Civic action now, more likely than not, consists of a call for the government to do something. With assertions like “government is the name of the things we choose to do together” and taxpayer money (plus apparently unlimited national debt) available to fund those things—not to mention the option to legally compel others to participate—that’s understandable. But in foisting our social responsibilities onto government, we lose the associational civic habits that form the citizens a self-governing nation requires. Where government takes over sheltering the homeless, feeding the hungry, funding the arts, and educating the next generation (making the president the grant-giver-in-chief) there is little room left for the work of organizing, debating, and resolving conflict within Edmund Burke’s little platoons that make up our daily lives.
One of the themes running through the book is that voluntary restraint can improve both the office and the officeholder. For the executive branch, Levin writes, “there is strength in assertions of responsible restraint that contemporary presidents have failed to grasp.” And “constraints upon the power of judges are meant to empower them within their proper sphere and also to empower republican citizens within their broader sphere.” Congress, of course, must get back in the habit of wielding its power rather than delegating the policy calls to the president. But that would be easier if those policy decisions were limited to those enumerated to it: foreign affairs and trade, defense, and regulation of commerce between the states. While of great importance, those areas don’t typically have an immediate and substantial impact on most Americans’ everyday lives providing more space, accordingly, for the negotiation and accommodation that body forces. By minding the Constitution’s constraints on the powers it can exercise, Congress could reclaim its character as the most representative and legitimate branch, reflecting the diversity of American opinion while acting (or not) together.
The potency of restraint (along with civics education—there, I said it) can strengthen us as well. Just because we can solve something, as a majority in an election or a victorious litigant in court, doesn’t mean we should. A policy favored by 51% of Americans could be pushed through at the federal level without accommodating minorities who want something else (or nothing at all). But it will lack the legitimacy (and the ideas-generating) quality of a decision reached by a growing and durable majority built by accommodating others who won a seat at the negotiating table.

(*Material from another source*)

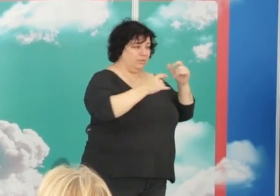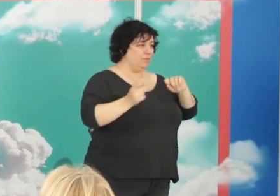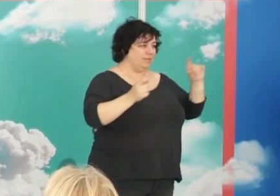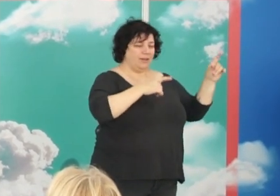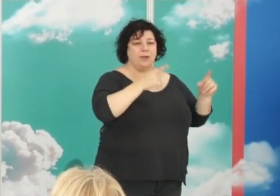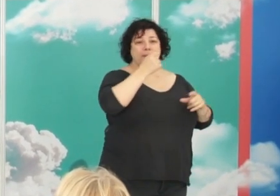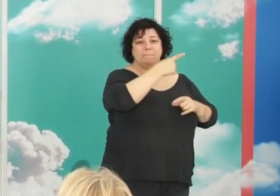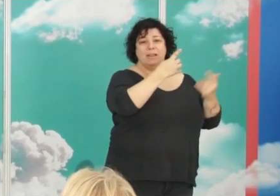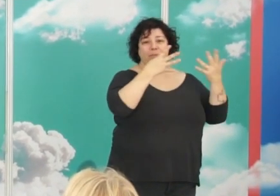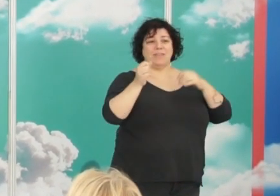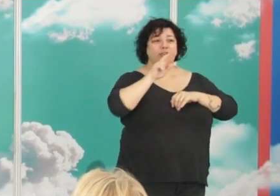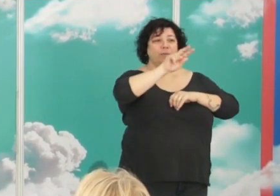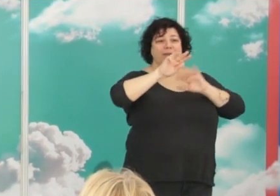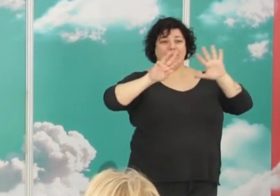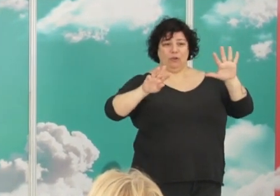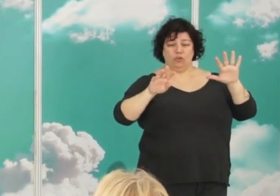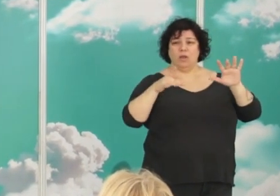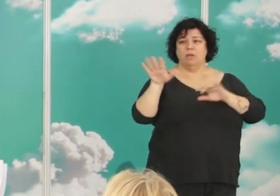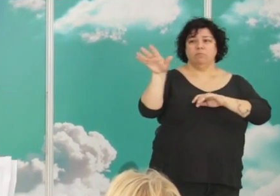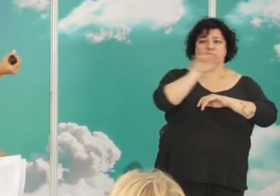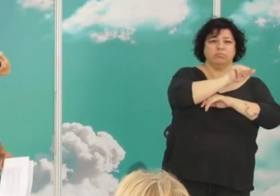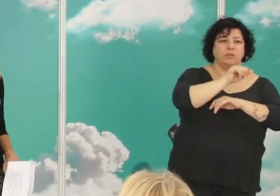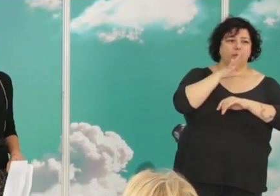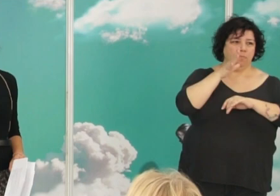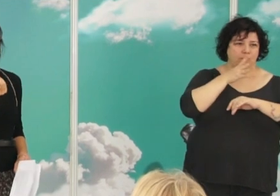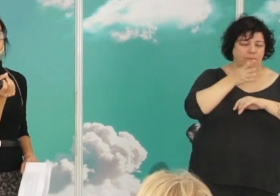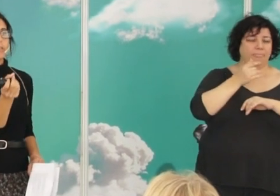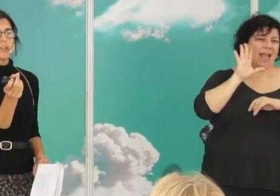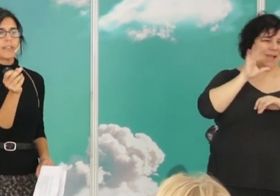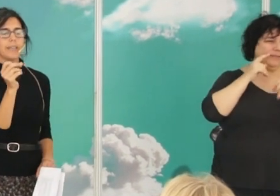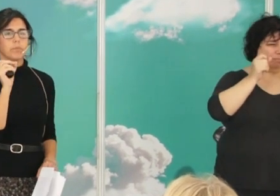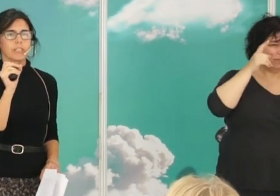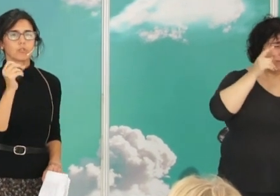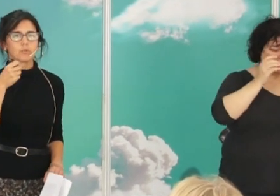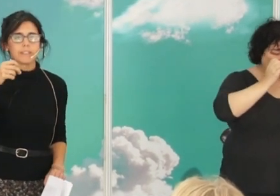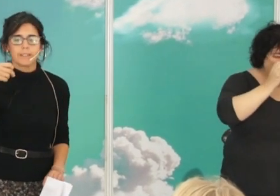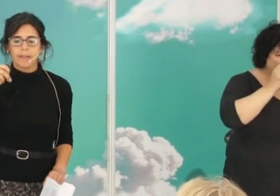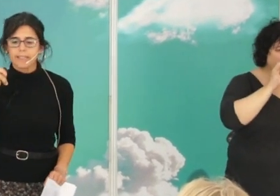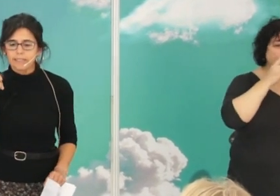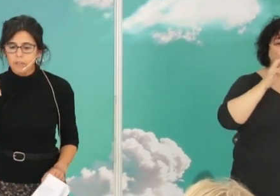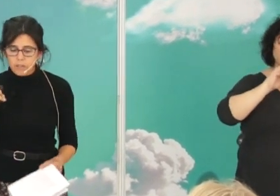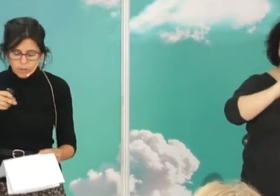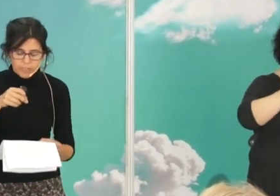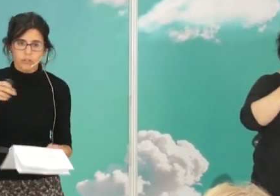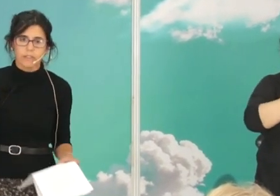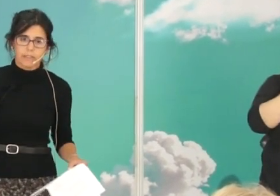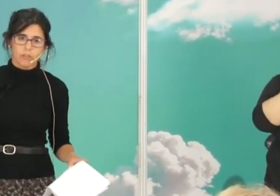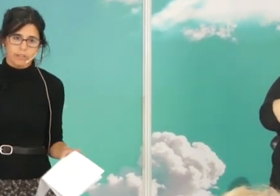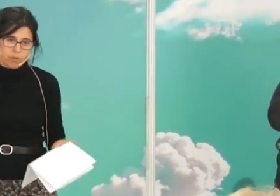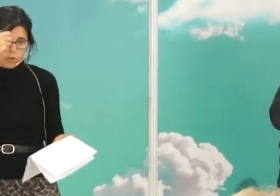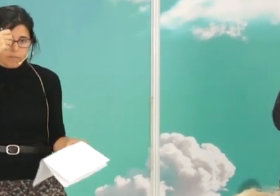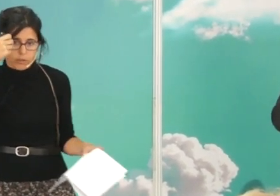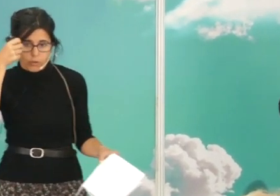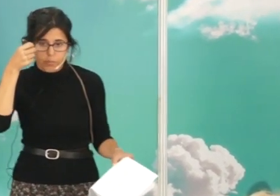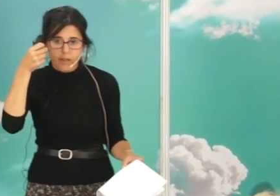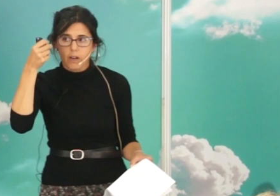1928. A él le llaman, él descubrió, como les he dicho, la microglía porque su sistema de extinción de los tejidos,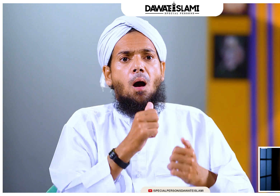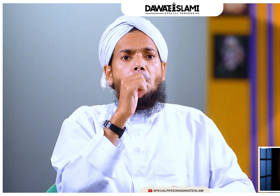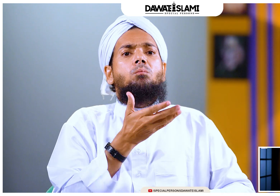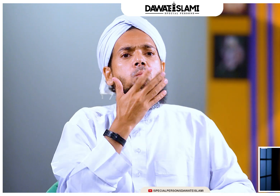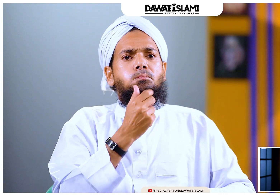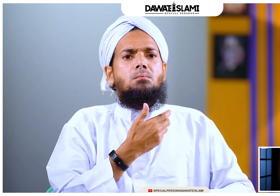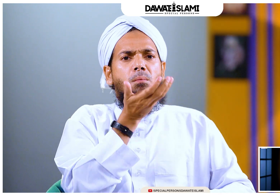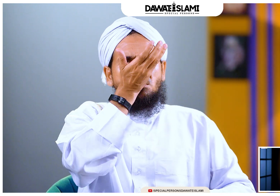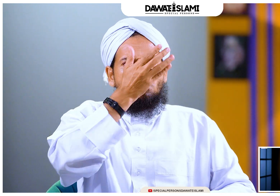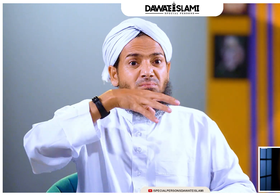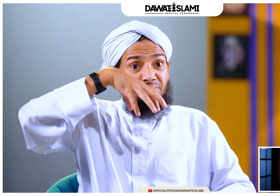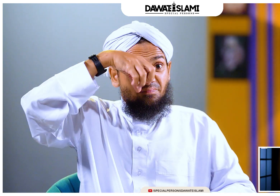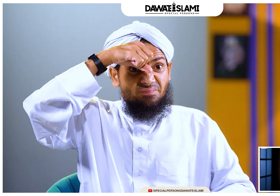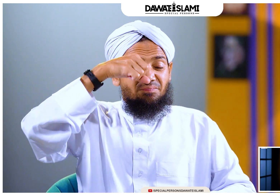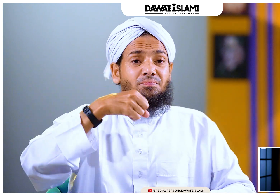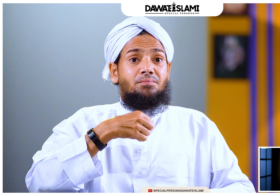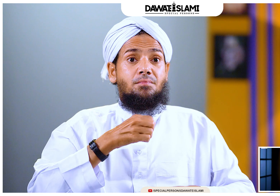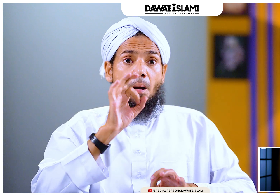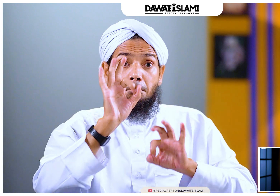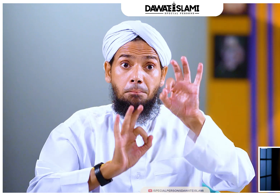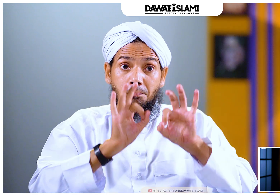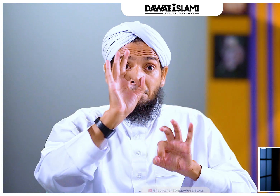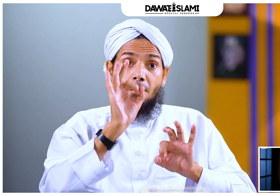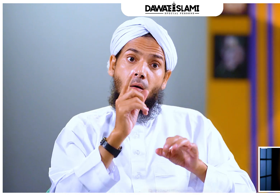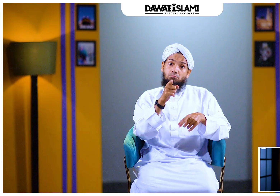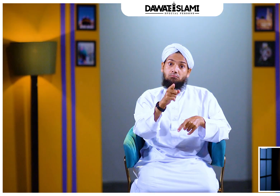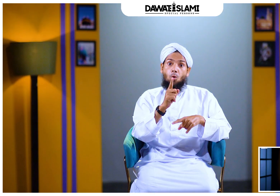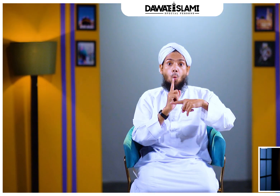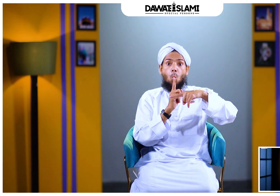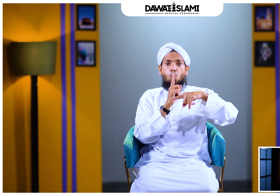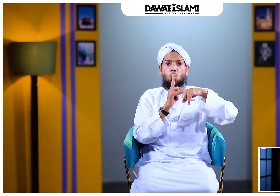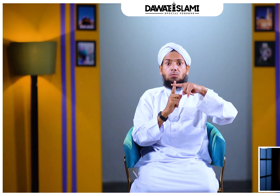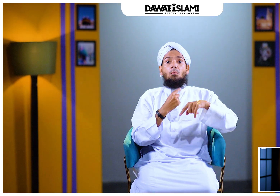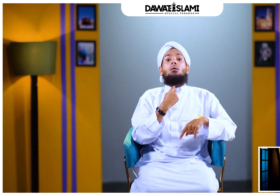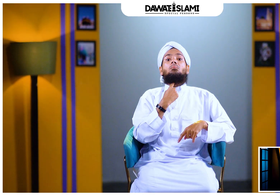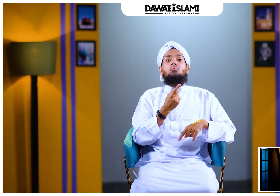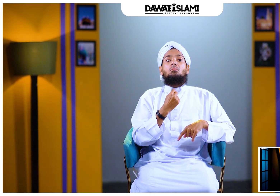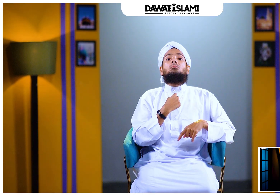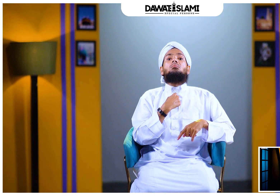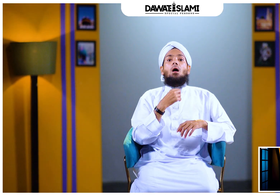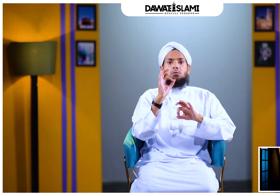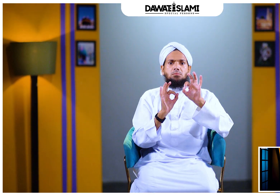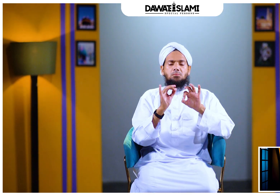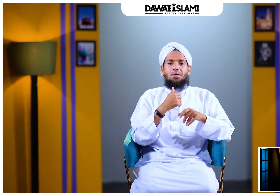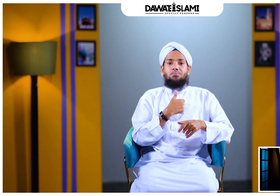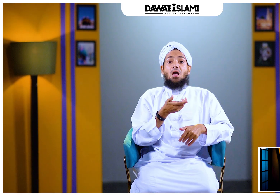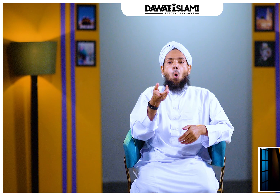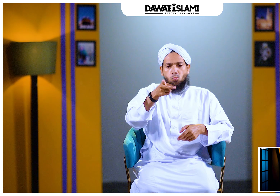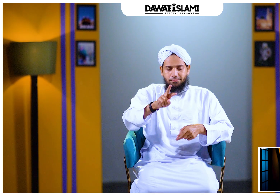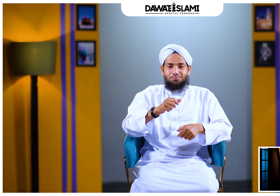کلی اور ناک میں پانی چڑھاتے وقت بیان کردہ احتیاطوں اور طریقے کو فالو کریں اب بدن پر تیل کی طرح پانی چپڑ لیں

I’m aware of my tendency to see more federalism as the answer to almost everything that troubles our politics today, and I acknowledge that that’s oversimplistic. But here, the strength of restraint meets the flexibility of federalism. “When decisions are made closer to the level of the community and the individual, more Americans can feel included in the work of self-government,” Levin writes. “In this sense, perhaps the highest purpose of federalism is forging legitimacy by making greater civic participation and representation possible.” Three cheers for Levin and for our American Covenant.